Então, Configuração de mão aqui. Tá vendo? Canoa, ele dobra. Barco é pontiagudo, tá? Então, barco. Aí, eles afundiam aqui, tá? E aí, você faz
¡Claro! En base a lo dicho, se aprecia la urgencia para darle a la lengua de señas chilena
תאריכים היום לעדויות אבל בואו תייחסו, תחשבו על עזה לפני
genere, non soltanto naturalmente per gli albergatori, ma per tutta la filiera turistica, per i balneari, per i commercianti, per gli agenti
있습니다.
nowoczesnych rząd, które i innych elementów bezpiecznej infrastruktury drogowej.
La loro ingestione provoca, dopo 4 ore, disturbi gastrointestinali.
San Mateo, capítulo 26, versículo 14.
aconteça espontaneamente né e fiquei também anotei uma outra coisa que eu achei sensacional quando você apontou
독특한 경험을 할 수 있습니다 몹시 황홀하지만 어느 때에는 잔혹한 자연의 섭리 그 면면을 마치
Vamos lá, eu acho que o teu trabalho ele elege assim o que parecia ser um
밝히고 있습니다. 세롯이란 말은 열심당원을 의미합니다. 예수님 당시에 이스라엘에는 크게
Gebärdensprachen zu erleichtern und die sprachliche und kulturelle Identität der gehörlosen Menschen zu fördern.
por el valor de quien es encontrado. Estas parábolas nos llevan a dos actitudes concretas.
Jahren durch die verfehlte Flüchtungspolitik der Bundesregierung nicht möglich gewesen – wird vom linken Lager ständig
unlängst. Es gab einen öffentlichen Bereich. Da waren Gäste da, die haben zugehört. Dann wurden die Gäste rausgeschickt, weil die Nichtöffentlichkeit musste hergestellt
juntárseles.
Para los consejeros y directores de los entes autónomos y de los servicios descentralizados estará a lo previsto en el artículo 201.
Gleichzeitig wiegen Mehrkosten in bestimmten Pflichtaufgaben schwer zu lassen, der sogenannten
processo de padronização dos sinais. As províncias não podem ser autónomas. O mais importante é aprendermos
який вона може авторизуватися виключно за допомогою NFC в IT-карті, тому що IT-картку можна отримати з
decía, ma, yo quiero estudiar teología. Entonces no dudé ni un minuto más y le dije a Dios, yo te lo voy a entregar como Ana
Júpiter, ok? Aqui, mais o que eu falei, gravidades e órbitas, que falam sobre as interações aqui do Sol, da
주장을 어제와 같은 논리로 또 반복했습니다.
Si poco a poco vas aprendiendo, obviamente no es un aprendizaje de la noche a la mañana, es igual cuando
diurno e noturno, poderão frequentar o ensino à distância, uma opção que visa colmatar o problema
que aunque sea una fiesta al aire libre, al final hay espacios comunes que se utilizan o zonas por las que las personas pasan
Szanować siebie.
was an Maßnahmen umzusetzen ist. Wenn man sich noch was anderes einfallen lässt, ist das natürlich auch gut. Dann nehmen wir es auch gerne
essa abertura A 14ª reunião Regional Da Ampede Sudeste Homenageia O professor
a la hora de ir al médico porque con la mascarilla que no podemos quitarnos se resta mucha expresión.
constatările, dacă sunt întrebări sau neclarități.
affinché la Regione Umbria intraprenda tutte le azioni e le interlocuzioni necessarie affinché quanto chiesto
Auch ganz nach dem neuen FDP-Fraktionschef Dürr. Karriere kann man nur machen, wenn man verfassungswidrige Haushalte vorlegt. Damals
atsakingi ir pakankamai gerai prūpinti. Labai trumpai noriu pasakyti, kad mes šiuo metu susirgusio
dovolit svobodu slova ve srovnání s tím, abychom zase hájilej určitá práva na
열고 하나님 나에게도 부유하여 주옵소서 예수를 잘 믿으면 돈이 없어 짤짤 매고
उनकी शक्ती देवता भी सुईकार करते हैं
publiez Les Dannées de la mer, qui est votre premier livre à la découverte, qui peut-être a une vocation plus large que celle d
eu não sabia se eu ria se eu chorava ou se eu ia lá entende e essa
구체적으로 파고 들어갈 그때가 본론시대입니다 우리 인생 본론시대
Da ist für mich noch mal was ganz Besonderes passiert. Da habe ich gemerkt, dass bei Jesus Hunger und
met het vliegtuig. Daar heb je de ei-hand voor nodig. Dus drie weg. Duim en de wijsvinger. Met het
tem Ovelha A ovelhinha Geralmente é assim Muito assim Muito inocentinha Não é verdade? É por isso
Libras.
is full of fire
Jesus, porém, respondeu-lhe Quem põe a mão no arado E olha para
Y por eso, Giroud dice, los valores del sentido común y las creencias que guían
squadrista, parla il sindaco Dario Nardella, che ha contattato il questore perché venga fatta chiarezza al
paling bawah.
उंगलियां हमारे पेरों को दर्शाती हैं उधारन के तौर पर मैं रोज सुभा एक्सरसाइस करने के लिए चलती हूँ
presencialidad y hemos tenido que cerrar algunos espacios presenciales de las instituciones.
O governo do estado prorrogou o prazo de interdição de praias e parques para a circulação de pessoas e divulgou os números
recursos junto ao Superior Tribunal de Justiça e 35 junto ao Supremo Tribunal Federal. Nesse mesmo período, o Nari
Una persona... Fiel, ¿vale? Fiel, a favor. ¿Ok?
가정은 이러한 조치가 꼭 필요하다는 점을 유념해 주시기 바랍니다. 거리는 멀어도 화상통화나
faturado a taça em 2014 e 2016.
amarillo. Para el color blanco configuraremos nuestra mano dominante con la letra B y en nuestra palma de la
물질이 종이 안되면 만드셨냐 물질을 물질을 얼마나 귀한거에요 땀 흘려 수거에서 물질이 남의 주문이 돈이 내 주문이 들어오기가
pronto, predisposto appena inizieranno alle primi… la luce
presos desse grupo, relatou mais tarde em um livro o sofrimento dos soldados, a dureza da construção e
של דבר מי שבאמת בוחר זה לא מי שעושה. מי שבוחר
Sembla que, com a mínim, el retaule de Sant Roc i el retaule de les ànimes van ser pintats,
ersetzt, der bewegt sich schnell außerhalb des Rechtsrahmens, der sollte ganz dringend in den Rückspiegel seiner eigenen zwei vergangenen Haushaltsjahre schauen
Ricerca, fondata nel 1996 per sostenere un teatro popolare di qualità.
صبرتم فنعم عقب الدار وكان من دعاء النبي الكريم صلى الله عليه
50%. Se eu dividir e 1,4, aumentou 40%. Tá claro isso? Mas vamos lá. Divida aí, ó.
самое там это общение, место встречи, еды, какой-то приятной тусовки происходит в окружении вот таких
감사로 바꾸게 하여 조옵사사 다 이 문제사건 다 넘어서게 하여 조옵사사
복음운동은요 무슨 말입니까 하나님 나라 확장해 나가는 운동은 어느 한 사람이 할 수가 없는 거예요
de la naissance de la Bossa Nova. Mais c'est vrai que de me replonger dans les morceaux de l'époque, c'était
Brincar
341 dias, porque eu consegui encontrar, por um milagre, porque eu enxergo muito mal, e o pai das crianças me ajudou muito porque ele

......

* _Task to carry out_:
Would you print exactly and only the lines of the material above that run from the line with "que aunque sea" through the line with "met het vliegtuig.", both included?

* _Completed exercise_:
que aunque sea una fiesta al aire libre, al final hay espacios comunes que se utilizan o zonas por las que las personas pasan
Szanować siebie.
was an Maßnahmen umzusetzen ist. Wenn man sich noch was anderes einfallen lässt, ist das natürlich auch gut. Dann nehmen wir es auch gerne
essa abertura A 14ª reunião Regional Da Ampede Sudeste Homenageia O professor
a la hora de ir al médico porque con la mascarilla que no podemos quitarnos se resta mucha expresión.
constatările, dacă sunt întrebări sau neclarități.
affinché la Regione Umbria intraprenda tutte le azioni e le interlocuzioni necessarie affinché quanto chiesto
Auch ganz nach dem neuen FDP-Fraktionschef Dürr. Karriere kann man nur machen, wenn man verfassungswidrige Haushalte vorlegt. Damals
atsakingi ir pakankamai gerai prūpinti. Labai trumpai noriu pasakyti, kad mes šiuo metu susirgusio
dovolit svobodu slova ve srovnání s tím, abychom zase hájilej určitá práva na
열고 하나님 나에게도 부유하여 주옵소서 예수를 잘 믿으면 돈이 없어 짤짤 매고
उनकी शक्ती देवता भी सुईकार करते हैं
publiez Les Dannées de la mer, qui est votre premier livre à la découverte, qui peut-être a une vocation plus large que celle d
eu não sabia se eu ria se eu chorava ou se eu ia lá entende e essa
구체적으로 파고 들어갈 그때가 본론시대입니다 우리 인생 본론시대
Da ist für mich noch mal was ganz Besonderes passiert. Da habe ich gemerkt, dass bei Jesus Hunger und
met het vliegtuig. Daar heb je de ei-hand voor nodig. Dus drie weg. Duim en de wijsvinger. Met het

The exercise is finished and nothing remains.